Deg. Kata-kata sederhana itu meluncur dari bibir seorang anak kelas enam SD. Anak yang biasanya menghabiskan waktu liburannya untuk tamasya, liburan atau sekedar duduk manis di depan televisi untuk  nonton Barbie. Tapi tidak dengan Yana. Dengan ramah ia menawarkan Koran pada setiap orang yang lewat. Matanya menari kesana-kemari. Seolah berjaga-jaga jangan sampai ada satu orang pun yang terlewat. Berharap tiap harinya koran yang ia bawa habis, dan ia pulang dengan membawa puluhan ribu rupiah untuk ia berikan ke orang tuanya untuk tambahan belanja.
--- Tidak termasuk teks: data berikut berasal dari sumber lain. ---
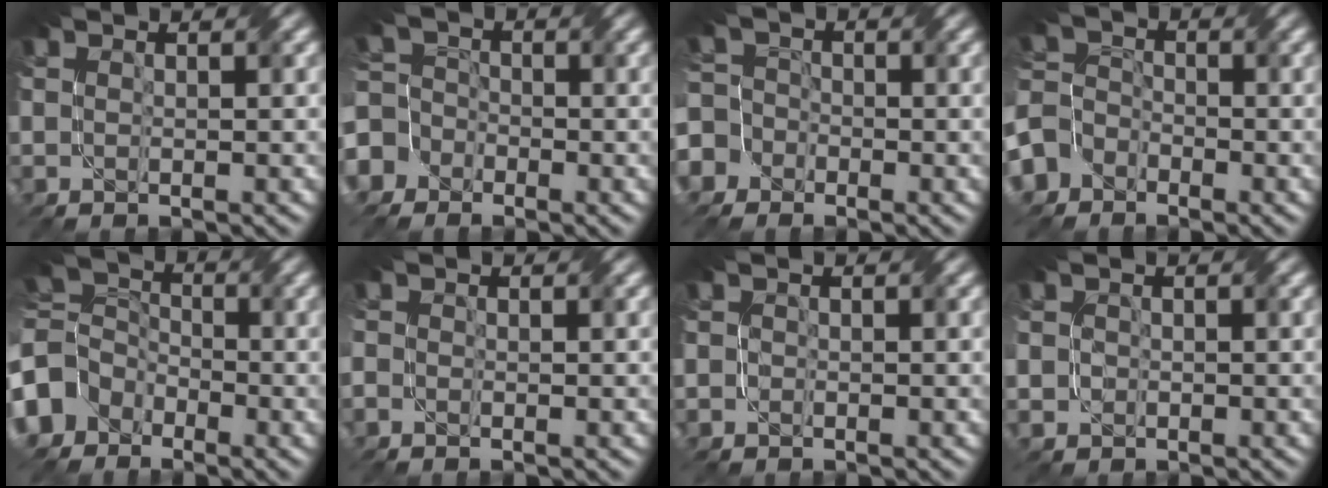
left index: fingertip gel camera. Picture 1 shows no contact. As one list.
[{"total": 6.0, "force": [-3.6, 4.6, 1.2], "torque": [-0.018, 0.003, -0.078]}, {"total": 6.6, "force": [-4.0, 5.1, 1.6], "torque": [-0.034, 0.000, -0.088]}, {"total": 5.8, "force": [-4.0, 4.2, 0.8], "torque": [-0.006, -0.003, -0.083]}, {"total": 5.5, "force": [-2.5, 4.5, 1.8], "torque": [-0.040, 0.013, -0.072]}, {"total": 0.7, "force": [-0.5, 0.5, 0.2], "torque": [-0.007, -0.006, -0.010]}, {"total": 0.7, "force": [-0.3, 0.7, 0.1], "torque": [0.002, -0.006, -0.009]}, {"total": 1.8, "force": [0.2, 1.8, 0.3], "torque": [-0.006, 0.000, 0.005]}]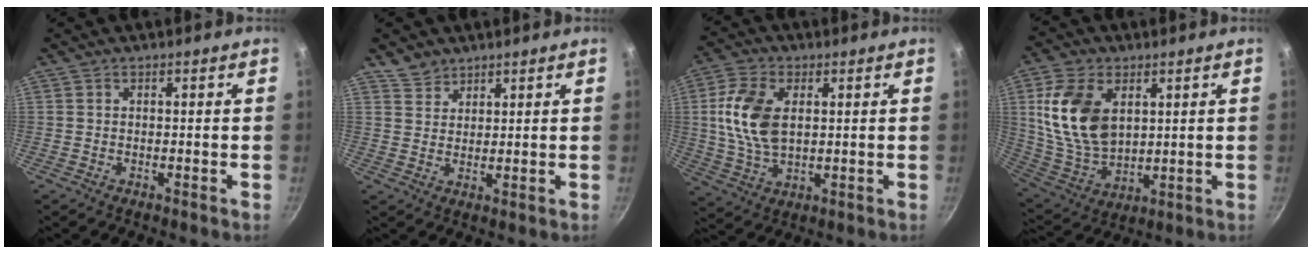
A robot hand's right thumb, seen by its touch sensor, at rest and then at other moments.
{"total": 3.8, "force": [3.0, 2.2, 0.3], "torque": [0.012, -0.005, 0.059]}
{"total": 12.1, "force": [2.0, 7.2, 9.5], "torque": [-0.180, -0.002, 0.039]}
{"total": 16.1, "force": [4.2, 10.3, 11.7], "torque": [-0.205, -0.020, 0.095]}

Yana. Gadis kecil yang ceria. Semangat. Seolah tanpa beban. Tak kenal lelah.
Sejenak, aku bercermin padanya. Dan kudapati kami tak sama.

Aku selalu merasa trenyuh  setiap kali melihat anak-anak kecil seusia Yana berdiri, berlari dan menawarkan jualannya. Sesekali ada yang membeli, mata mereka berbinar-binar. Dengan cekatan memberikan satu eksamplar berita tulis tersebut. Dengan peluh yang seolah telah bersahabat dekat dengannya.
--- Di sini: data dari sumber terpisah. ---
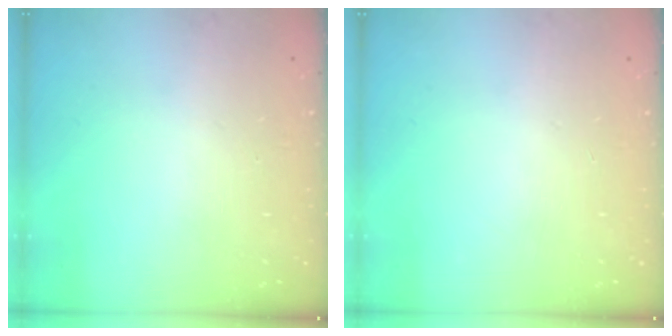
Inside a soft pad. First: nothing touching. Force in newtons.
{"total": 0.0}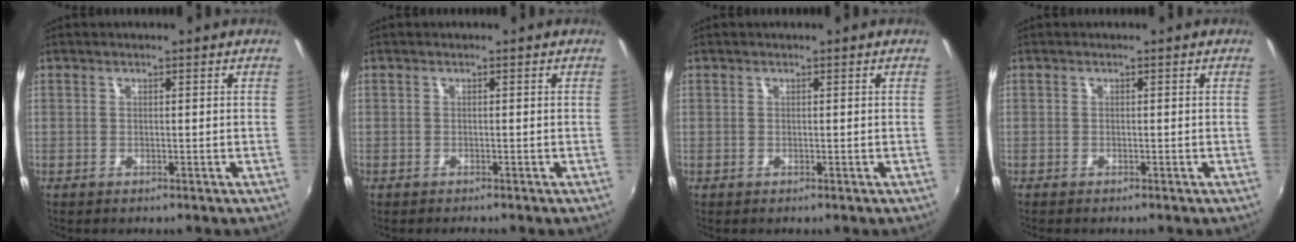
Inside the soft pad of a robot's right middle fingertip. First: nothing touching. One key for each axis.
{"total": 0.7, "fx": -0.7, "fy": 0.1, "fz": 0.1, "tx": -0.003, "ty": -0.005, "tz": -0.014}
{"total": 0.0}
{"total": 0.7, "fx": -0.6, "fy": 0.1, "fz": 0.3, "tx": -0.006, "ty": -0.003, "tz": -0.012}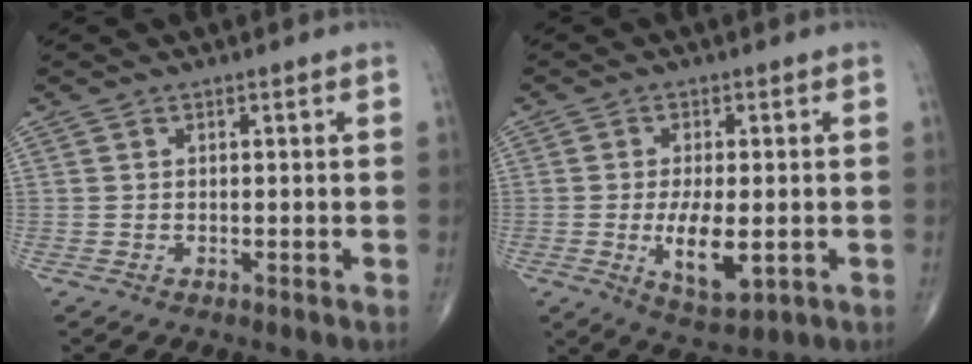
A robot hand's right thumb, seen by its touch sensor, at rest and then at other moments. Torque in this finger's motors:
{"motor_torque": [0.44, 0.52, 1.00, 0.26, 0.45]}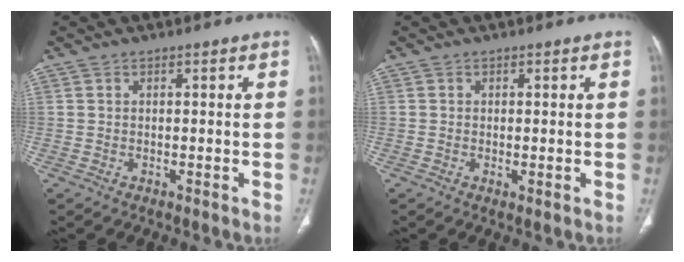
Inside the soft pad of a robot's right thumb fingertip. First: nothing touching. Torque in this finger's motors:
{"motor_torque": [-0.25, 0.04, -0.12, -0.17, -0.01]}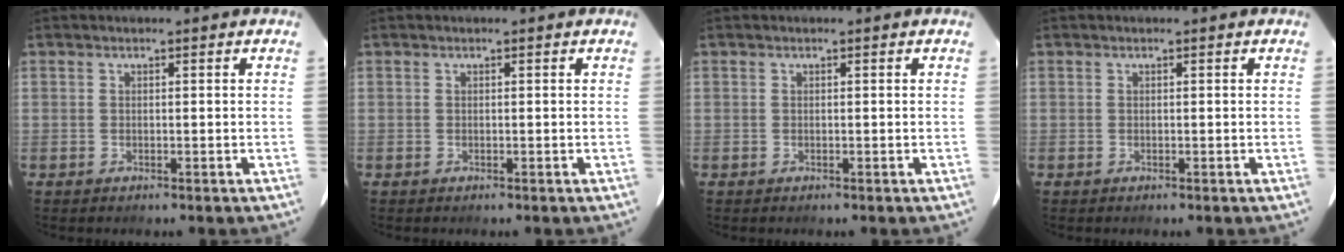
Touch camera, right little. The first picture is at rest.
{"total": 0.0}
{"total": 0.0}
{"total": 0.0}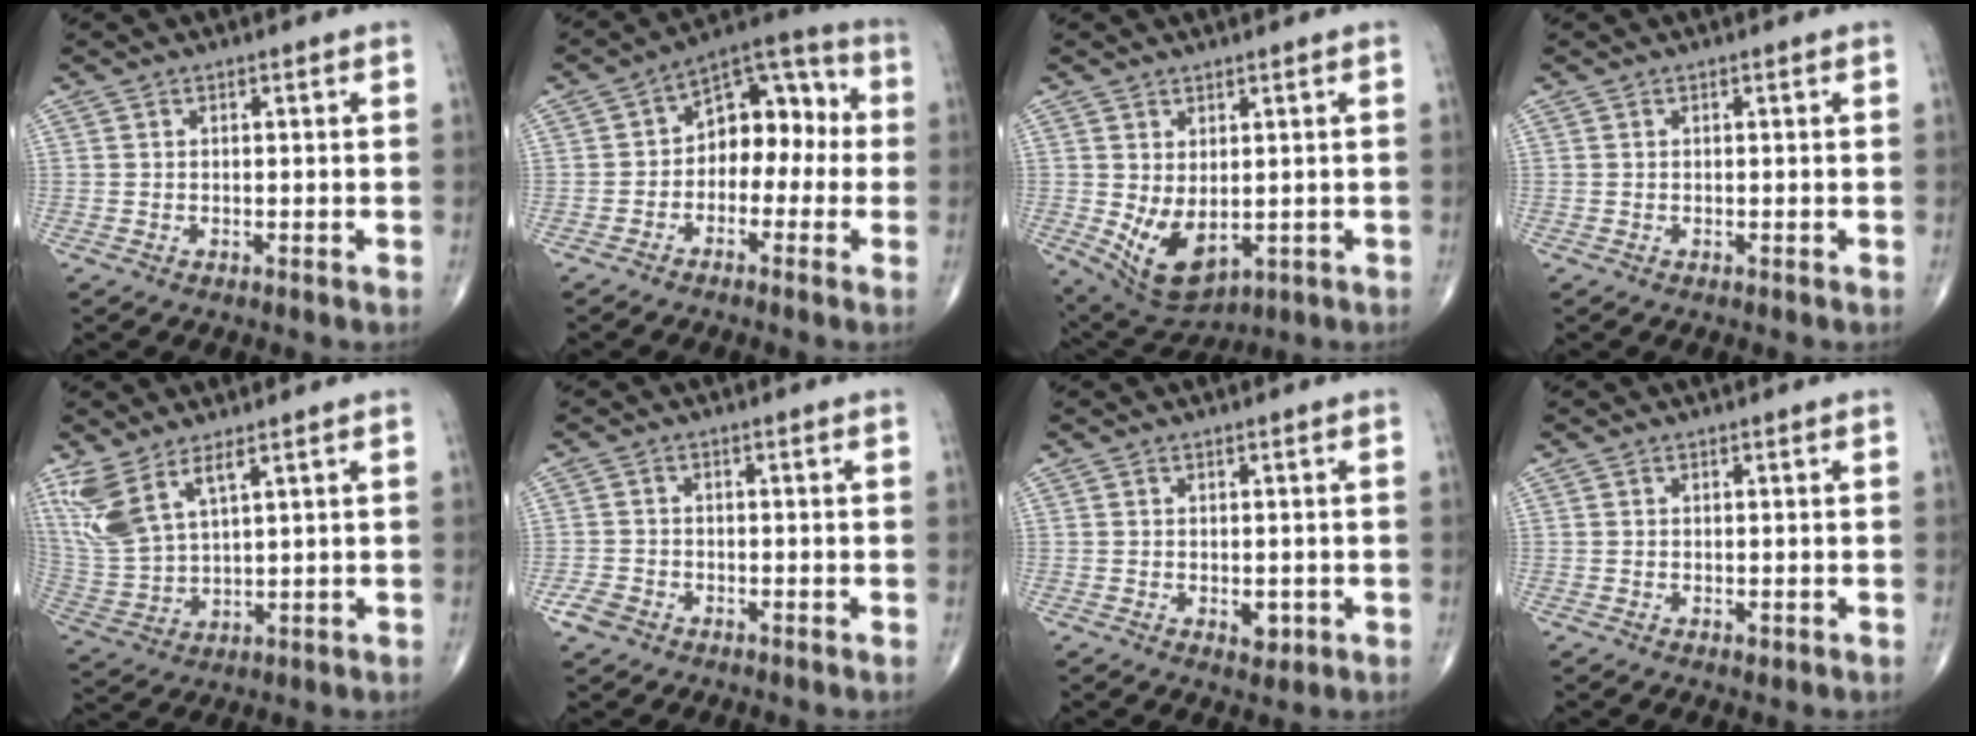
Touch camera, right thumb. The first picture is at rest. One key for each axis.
{"total": 11.5, "fx": -0.8, "fy": 7.6, "fz": 8.6, "tx": -0.082, "ty": 0.049, "tz": -0.030}
{"total": 8.8, "fx": -0.8, "fy": 5.2, "fz": 7.1, "tx": -0.112, "ty": -0.009, "tz": 0.013}
{"total": 0.0}
{"total": 10.4, "fx": 6.1, "fy": 3.7, "fz": 7.6, "tx": -0.179, "ty": -0.023, "tz": 0.142}
{"total": 3.2, "fx": -1.8, "fy": 2.2, "fz": 1.3, "tx": -0.025, "ty": 0.008, "tz": -0.034}
{"total": 2.5, "fx": -0.6, "fy": 1.5, "fz": 1.8, "tx": -0.010, "ty": 0.000, "tz": -0.004}
{"total": 0.7, "fx": -0.1, "fy": 0.5, "fz": 0.5, "tx": -0.007, "ty": -0.002, "tz": -0.002}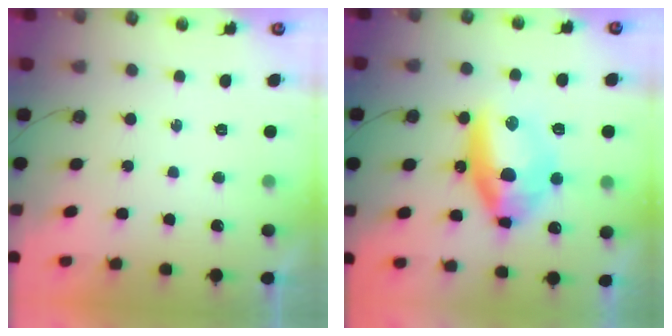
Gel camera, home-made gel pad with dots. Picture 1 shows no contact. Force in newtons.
{"total": 13.0, "press": 12.8, "slide": 2.0}

Entah apa yang ada dalam pikiran anak-anak seperti mereka. Ketika haknya sebagai anak-anak tidak ia dapatkan. Hak memperoleh pendidikan. Hak mendapatkan kasih sayang. Hak untuk bermain. Meskipun aku tak yakin mereka tahu bahwa mereka punya hak untuk itu. Terkadang mereka harus dewasa sebelum waktunya. Namun sepertinya mereka tetap tegar dan menerima ‘nasib”. Tidak mengeluh, meskipun mesti berjalan dengan ransel seberat kira-kira tiga kilogram setiap harinya yang senantiasa melekat di punggungnya.
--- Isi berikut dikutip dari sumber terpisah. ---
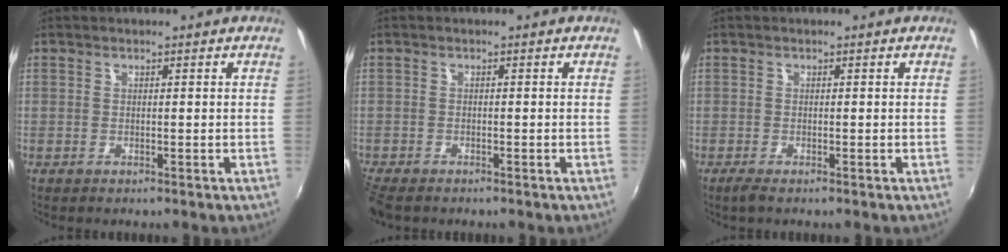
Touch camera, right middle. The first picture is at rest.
{"total": 4.5, "force": [-3.8, 1.5, 1.8], "torque": [-0.053, -0.024, -0.075]}
{"total": 1.3, "force": [-0.9, 0.1, 1.0], "torque": [-0.020, -0.006, -0.018]}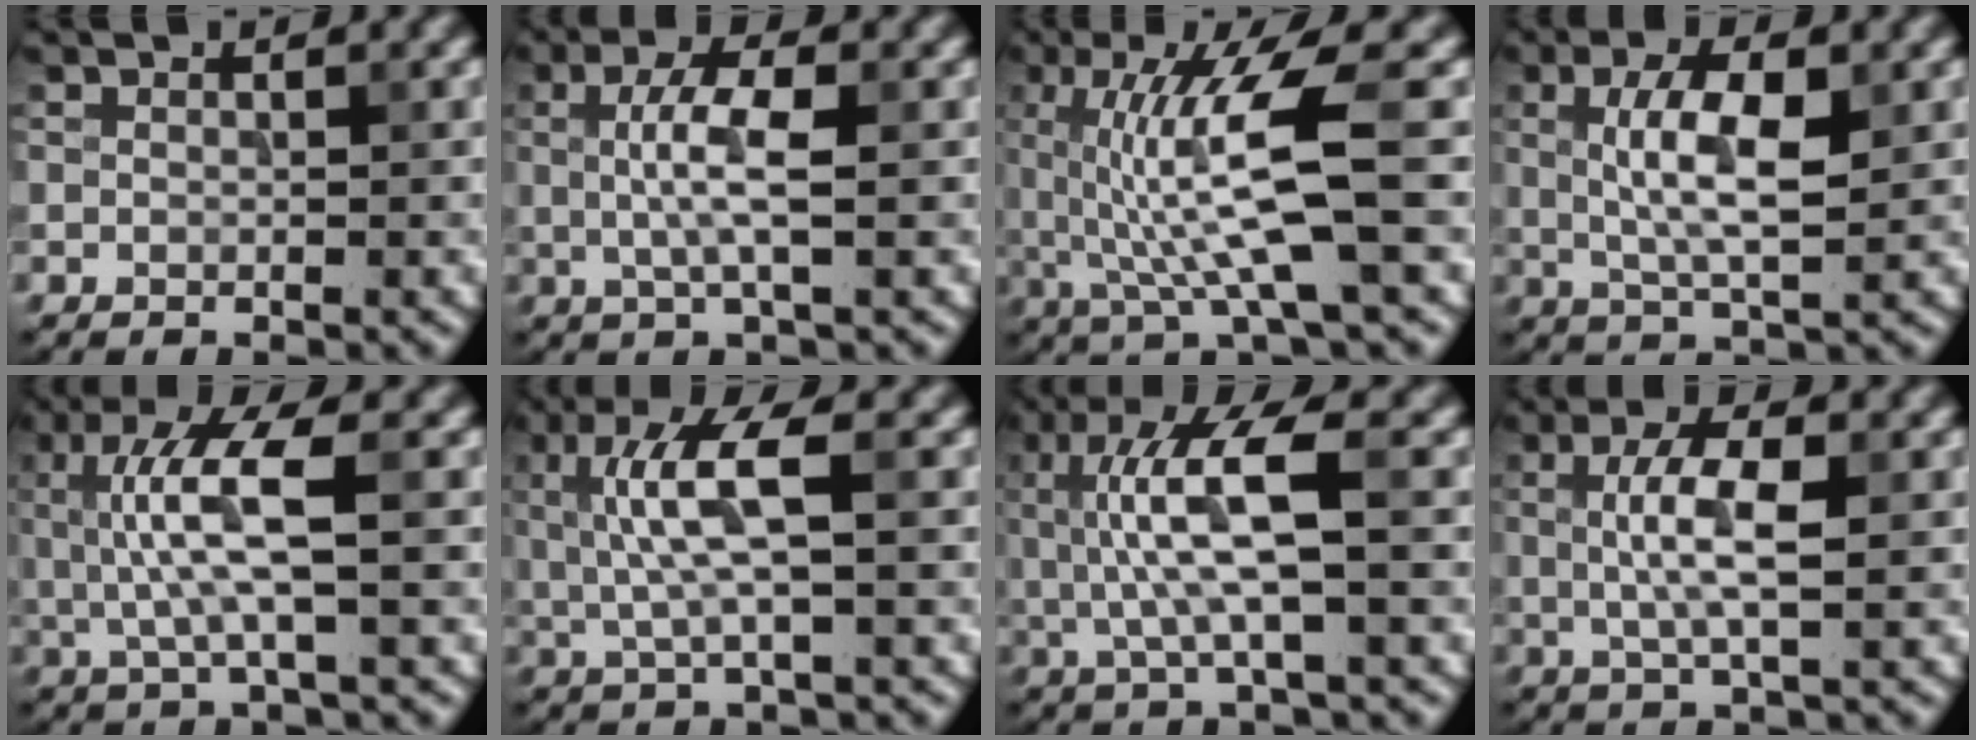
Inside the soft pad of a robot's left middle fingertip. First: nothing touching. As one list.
[{"total": 4.0, "force": [0.2, 0.9, 3.9], "torque": [-0.078, 0.004, 0.004]}, {"total": 7.8, "force": [0.1, 1.3, 7.7], "torque": [-0.147, -0.002, 0.009]}, {"total": 5.4, "force": [0.9, 1.7, 5.0], "torque": [-0.098, 0.004, 0.016]}, {"total": 5.7, "force": [0.6, 1.3, 5.6], "torque": [-0.120, 0.003, 0.013]}, {"total": 5.4, "force": [0.8, 1.3, 5.2], "torque": [-0.110, 0.004, 0.017]}, {"total": 7.0, "force": [0.8, 1.7, 6.7], "torque": [-0.142, 0.004, 0.017]}, {"total": 4.5, "force": [0.4, 1.2, 4.3], "torque": [-0.088, 0.005, 0.007]}]

Itulah kondisi di sekitar kita. Realita yang ada.
Lalu kita bisa apa???????????
Entahlah.
Mungkin saat ini, hanya rasa iba, trenyuh, sedih, yang dapat kita ekspresikan. Sampai entah pada suatu hari nanti, Allah memberikan rizki yang banyak, supaya kita bisa membuat yayasan khusus untuk anak-anak yang kurang mampu. Kita tanggung semua biaya hidup dan pendidikan mereka.
Kita ambil mereka dari jalan. Kita beri mereka motivasi untuk belajar. Dan kita ajarkan mereka sesuatu yang bisa mereka bawa sebagai bekal hidup. Hidup di dunia, juga akhirat.
Sehingga kita bisa tetap tersenyum….. Menyaksikan mereka belajar. Belajar. Dan belajar.

“Berapa satu, ni?”
“Dua ribu, kak.”

“Makasi kak.” Senyumnya menerima uang yang ku ulurkan, mengakhiri perkenalan kami. Ia pun berdiri dan siap dengan tantangan hari itu. Tantangan yang pasti lebih berat dan berarti daripada sekedar nonton Barbie.

Semangat Yana.
Tetaplah tersenyum.
Kakak yakin, hidupmu akan memiliki banyak cerita.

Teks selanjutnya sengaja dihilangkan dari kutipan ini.